*Assigned task*: You are asked to repeat the listing word for word and to leave out its pictures.
*** Block opens ***
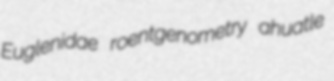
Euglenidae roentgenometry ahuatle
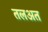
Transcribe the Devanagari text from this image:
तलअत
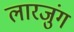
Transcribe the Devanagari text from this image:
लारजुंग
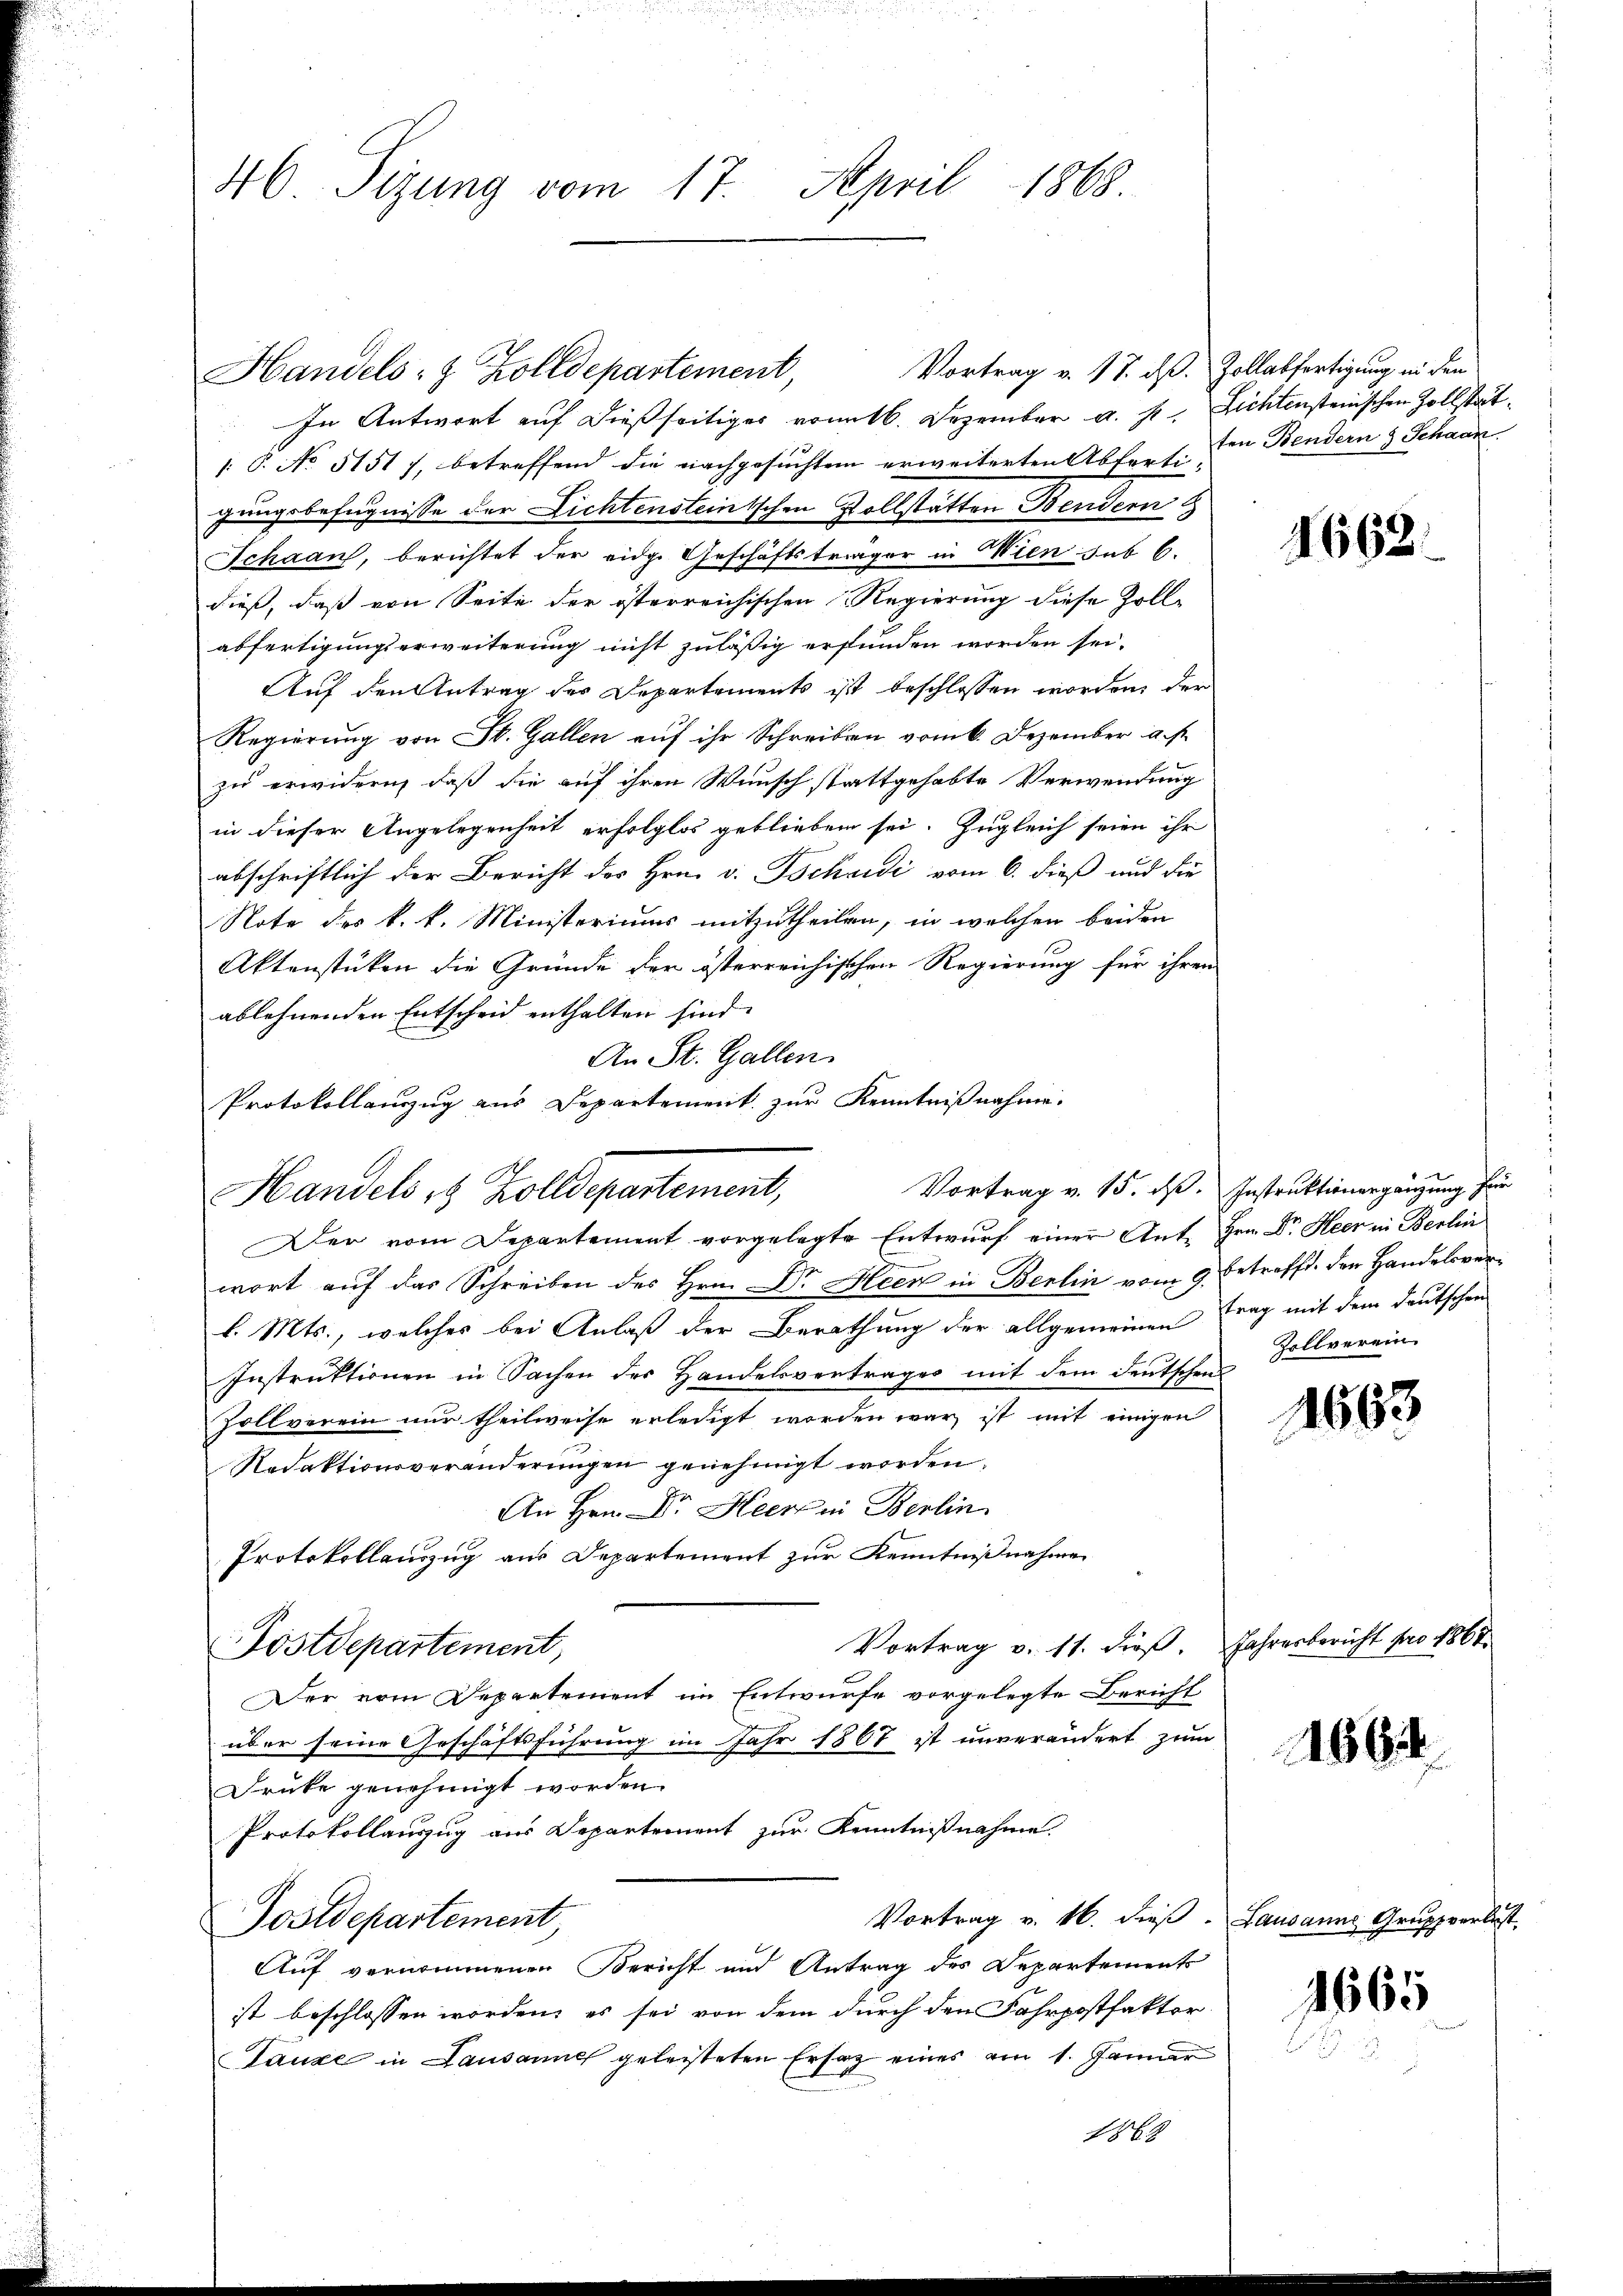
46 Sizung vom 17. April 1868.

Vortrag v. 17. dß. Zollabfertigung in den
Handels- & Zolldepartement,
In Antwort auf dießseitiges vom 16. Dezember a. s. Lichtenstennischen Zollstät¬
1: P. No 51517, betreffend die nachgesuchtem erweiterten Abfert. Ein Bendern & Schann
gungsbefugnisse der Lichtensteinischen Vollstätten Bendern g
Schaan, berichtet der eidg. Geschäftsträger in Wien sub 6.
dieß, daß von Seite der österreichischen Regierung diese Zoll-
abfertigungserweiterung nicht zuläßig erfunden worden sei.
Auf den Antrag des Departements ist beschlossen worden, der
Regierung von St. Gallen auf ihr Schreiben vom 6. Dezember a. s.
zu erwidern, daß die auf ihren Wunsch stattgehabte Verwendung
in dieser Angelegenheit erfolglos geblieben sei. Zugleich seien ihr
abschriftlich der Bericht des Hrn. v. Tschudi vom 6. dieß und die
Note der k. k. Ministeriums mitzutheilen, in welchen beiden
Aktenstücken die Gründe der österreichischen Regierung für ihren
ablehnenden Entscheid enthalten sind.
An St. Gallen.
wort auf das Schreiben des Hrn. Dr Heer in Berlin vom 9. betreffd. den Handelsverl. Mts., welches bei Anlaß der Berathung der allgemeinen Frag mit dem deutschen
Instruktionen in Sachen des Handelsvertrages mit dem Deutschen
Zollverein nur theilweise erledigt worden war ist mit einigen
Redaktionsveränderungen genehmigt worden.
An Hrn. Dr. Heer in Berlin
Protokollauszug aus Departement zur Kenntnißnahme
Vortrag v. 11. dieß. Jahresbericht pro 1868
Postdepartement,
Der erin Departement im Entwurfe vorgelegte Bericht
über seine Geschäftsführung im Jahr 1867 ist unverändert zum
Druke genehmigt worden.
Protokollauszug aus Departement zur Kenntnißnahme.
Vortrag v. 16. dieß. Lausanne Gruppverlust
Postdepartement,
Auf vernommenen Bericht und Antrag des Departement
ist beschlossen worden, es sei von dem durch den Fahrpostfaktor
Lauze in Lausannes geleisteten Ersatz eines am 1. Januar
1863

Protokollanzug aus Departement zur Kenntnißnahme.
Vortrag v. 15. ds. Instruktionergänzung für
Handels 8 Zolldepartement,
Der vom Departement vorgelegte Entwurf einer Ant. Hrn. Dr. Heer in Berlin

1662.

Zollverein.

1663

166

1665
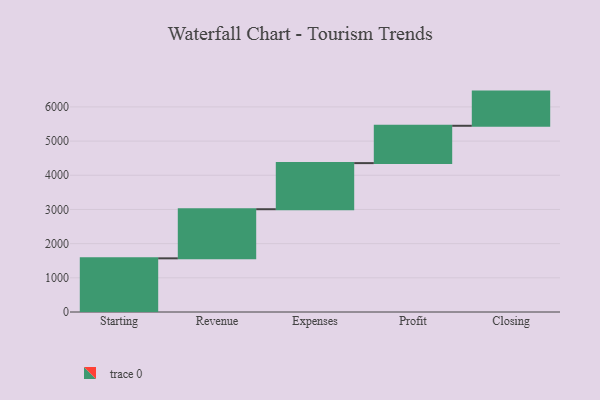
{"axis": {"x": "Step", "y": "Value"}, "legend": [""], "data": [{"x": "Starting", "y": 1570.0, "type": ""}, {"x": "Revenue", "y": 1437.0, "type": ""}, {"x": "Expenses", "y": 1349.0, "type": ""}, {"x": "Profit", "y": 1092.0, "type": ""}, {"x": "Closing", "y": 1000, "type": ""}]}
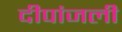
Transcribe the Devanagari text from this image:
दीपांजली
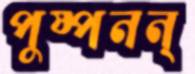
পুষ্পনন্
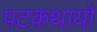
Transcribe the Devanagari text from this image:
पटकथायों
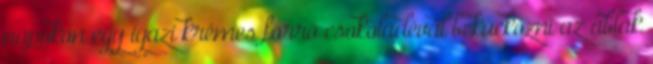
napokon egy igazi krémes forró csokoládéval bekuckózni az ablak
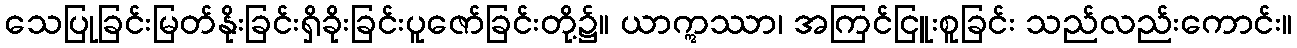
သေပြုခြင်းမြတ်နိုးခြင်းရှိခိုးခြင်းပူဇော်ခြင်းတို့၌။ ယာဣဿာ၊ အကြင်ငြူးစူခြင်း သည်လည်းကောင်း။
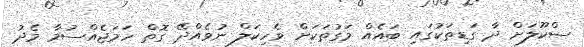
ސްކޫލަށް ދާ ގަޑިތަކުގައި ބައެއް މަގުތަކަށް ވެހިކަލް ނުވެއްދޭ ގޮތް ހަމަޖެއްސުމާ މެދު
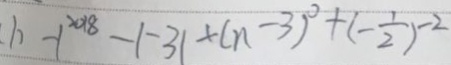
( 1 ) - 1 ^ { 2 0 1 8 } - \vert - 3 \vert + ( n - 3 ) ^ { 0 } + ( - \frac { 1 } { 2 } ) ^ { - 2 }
*** Block closes ***
*Answer below*:
Euglenidae roentgenometry ahuatle
Transcribe the Devanagari text from this image:
तलअत
Transcribe the Devanagari text from this image:
लारजुंग
46 Sizung vom 17. April 1868.

Vortrag v. 17. dß. Zollabfertigung in den
Handels- & Zolldepartement,
In Antwort auf dießseitiges vom 16. Dezember a. s. Lichtenstennischen Zollstät¬
1: P. No 51517, betreffend die nachgesuchtem erweiterten Abfert. Ein Bendern & Schann
gungsbefugnisse der Lichtensteinischen Vollstätten Bendern g
Schaan, berichtet der eidg. Geschäftsträger in Wien sub 6.
dieß, daß von Seite der österreichischen Regierung diese Zoll-
abfertigungserweiterung nicht zuläßig erfunden worden sei.
Auf den Antrag des Departements ist beschlossen worden, der
Regierung von St. Gallen auf ihr Schreiben vom 6. Dezember a. s.
zu erwidern, daß die auf ihren Wunsch stattgehabte Verwendung
in dieser Angelegenheit erfolglos geblieben sei. Zugleich seien ihr
abschriftlich der Bericht des Hrn. v. Tschudi vom 6. dieß und die
Note der k. k. Ministeriums mitzutheilen, in welchen beiden
Aktenstücken die Gründe der österreichischen Regierung für ihren
ablehnenden Entscheid enthalten sind.
An St. Gallen.
wort auf das Schreiben des Hrn. Dr Heer in Berlin vom 9. betreffd. den Handelsverl. Mts., welches bei Anlaß der Berathung der allgemeinen Frag mit dem deutschen
Instruktionen in Sachen des Handelsvertrages mit dem Deutschen
Zollverein nur theilweise erledigt worden war ist mit einigen
Redaktionsveränderungen genehmigt worden.
An Hrn. Dr. Heer in Berlin
Protokollauszug aus Departement zur Kenntnißnahme
Vortrag v. 11. dieß. Jahresbericht pro 1868
Postdepartement,
Der erin Departement im Entwurfe vorgelegte Bericht
über seine Geschäftsführung im Jahr 1867 ist unverändert zum
Druke genehmigt worden.
Protokollauszug aus Departement zur Kenntnißnahme.
Vortrag v. 16. dieß. Lausanne Gruppverlust
Postdepartement,
Auf vernommenen Bericht und Antrag des Departement
ist beschlossen worden, es sei von dem durch den Fahrpostfaktor
Lauze in Lausannes geleisteten Ersatz eines am 1. Januar
1863

Protokollanzug aus Departement zur Kenntnißnahme.
Vortrag v. 15. ds. Instruktionergänzung für
Handels 8 Zolldepartement,
Der vom Departement vorgelegte Entwurf einer Ant. Hrn. Dr. Heer in Berlin

1662.

Zollverein.

1663

166

1665
{"axis": {"x": "Step", "y": "Value"}, "legend": [""], "data": [{"x": "Starting", "y": 1570.0, "type": ""}, {"x": "Revenue", "y": 1437.0, "type": ""}, {"x": "Expenses", "y": 1349.0, "type": ""}, {"x": "Profit", "y": 1092.0, "type": ""}, {"x": "Closing", "y": 1000, "type": ""}]}
Transcribe the Devanagari text from this image:
दीपांजली
পুষ্পনন্
Transcribe the Devanagari text from this image:
पटकथायों
napokon egy igazi krémes forró csokoládéval bekuckózni az ablak
သေပြုခြင်းမြတ်နိုးခြင်းရှိခိုးခြင်းပူဇော်ခြင်းတို့၌။ ယာဣဿာ၊ အကြင်ငြူးစူခြင်း သည်လည်းကောင်း။
ސްކޫލަށް ދާ ގަޑިތަކުގައި ބައެއް މަގުތަކަށް ވެހިކަލް ނުވެއްދޭ ގޮތް ހަމަޖެއްސުމާ މެދު
( 1 ) - 1 ^ { 2 0 1 8 } - \vert - 3 \vert + ( n - 3 ) ^ { 0 } + ( - \frac { 1 } { 2 } ) ^ { - 2 }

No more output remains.